MEDIA RELEASE 4 September 2020

Despite it being nearly 30 years since the recommendations were handed down by the Royal Commission into Aboriginal Deaths in Custody, a further 439 Aboriginal lives have been lost within the justice system. This week the Alice Springs court heard the accounts of Kumanjayi Walker, a 19-year-old, Warlpiri man, who was fatally shot three times by Constable Zachary Rolfe in Yuendumu last year.

Throughout the history of colonised Australia very few police officers have been charged with murder, let alone stood trial, for taking an Aboriginal life. Should the court proceed with the murder charge against Rolfe, the recognition will be of great significance to the 439 families and communities who were not able to find closure for the loss of their loved ones. The court heard yesterday that the committal hearing will be adjourned until 25 September.
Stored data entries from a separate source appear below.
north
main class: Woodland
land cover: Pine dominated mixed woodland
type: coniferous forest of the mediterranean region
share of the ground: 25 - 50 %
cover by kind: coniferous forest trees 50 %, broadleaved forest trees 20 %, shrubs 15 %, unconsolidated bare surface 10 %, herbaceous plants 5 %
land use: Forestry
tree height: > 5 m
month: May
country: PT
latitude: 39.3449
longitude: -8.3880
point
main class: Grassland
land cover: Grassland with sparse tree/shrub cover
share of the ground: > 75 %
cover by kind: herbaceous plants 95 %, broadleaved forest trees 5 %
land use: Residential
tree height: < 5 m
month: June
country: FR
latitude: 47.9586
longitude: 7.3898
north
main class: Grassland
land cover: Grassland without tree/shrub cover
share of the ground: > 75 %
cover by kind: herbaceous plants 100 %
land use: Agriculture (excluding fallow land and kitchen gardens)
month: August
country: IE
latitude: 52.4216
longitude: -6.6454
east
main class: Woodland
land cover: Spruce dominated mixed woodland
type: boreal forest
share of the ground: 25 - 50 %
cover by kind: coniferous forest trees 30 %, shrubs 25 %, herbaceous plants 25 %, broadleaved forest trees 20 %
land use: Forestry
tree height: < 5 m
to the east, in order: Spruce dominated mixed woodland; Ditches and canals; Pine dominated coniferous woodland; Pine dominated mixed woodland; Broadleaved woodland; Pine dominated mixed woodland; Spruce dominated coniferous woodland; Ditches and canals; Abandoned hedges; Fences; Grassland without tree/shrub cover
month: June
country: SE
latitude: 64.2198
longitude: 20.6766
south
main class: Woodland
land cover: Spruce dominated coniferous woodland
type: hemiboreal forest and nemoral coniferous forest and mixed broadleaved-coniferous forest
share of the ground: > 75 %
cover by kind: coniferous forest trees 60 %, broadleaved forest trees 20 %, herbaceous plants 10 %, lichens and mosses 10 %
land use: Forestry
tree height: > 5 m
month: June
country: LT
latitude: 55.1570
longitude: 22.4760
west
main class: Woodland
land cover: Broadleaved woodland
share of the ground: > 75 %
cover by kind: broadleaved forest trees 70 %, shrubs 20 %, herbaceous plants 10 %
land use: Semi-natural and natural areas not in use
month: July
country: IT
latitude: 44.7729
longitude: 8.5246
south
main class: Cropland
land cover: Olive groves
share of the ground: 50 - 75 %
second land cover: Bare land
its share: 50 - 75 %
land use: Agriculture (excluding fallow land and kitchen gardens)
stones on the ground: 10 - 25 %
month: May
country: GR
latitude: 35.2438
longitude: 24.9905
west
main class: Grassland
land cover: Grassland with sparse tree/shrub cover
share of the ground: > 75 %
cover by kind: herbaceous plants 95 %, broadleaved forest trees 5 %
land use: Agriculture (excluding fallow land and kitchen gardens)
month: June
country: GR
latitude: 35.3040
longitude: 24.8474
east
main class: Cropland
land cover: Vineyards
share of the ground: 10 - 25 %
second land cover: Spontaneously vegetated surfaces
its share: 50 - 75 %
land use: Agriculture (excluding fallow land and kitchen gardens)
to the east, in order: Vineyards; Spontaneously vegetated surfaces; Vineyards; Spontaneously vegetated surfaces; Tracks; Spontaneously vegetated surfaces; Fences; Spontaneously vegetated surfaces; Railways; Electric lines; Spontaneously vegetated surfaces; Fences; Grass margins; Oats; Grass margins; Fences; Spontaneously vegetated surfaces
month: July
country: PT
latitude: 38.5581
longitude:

Quotes attributable to Nerita Waight, CEO of Victorian Aboriginal Legal Service

“VALS stands in solidarity with Kumanjayi Walker’s family and community as they continue to demonstrate immense strength, waiting for justice to be served. In the spotlight of the Black Lives Matter movement, the court’s decision on how to proceed will be pivotal for Aboriginal and Torres Strait Islander communities across Australia. Here at VALS we watch in anticipation and hope for change.”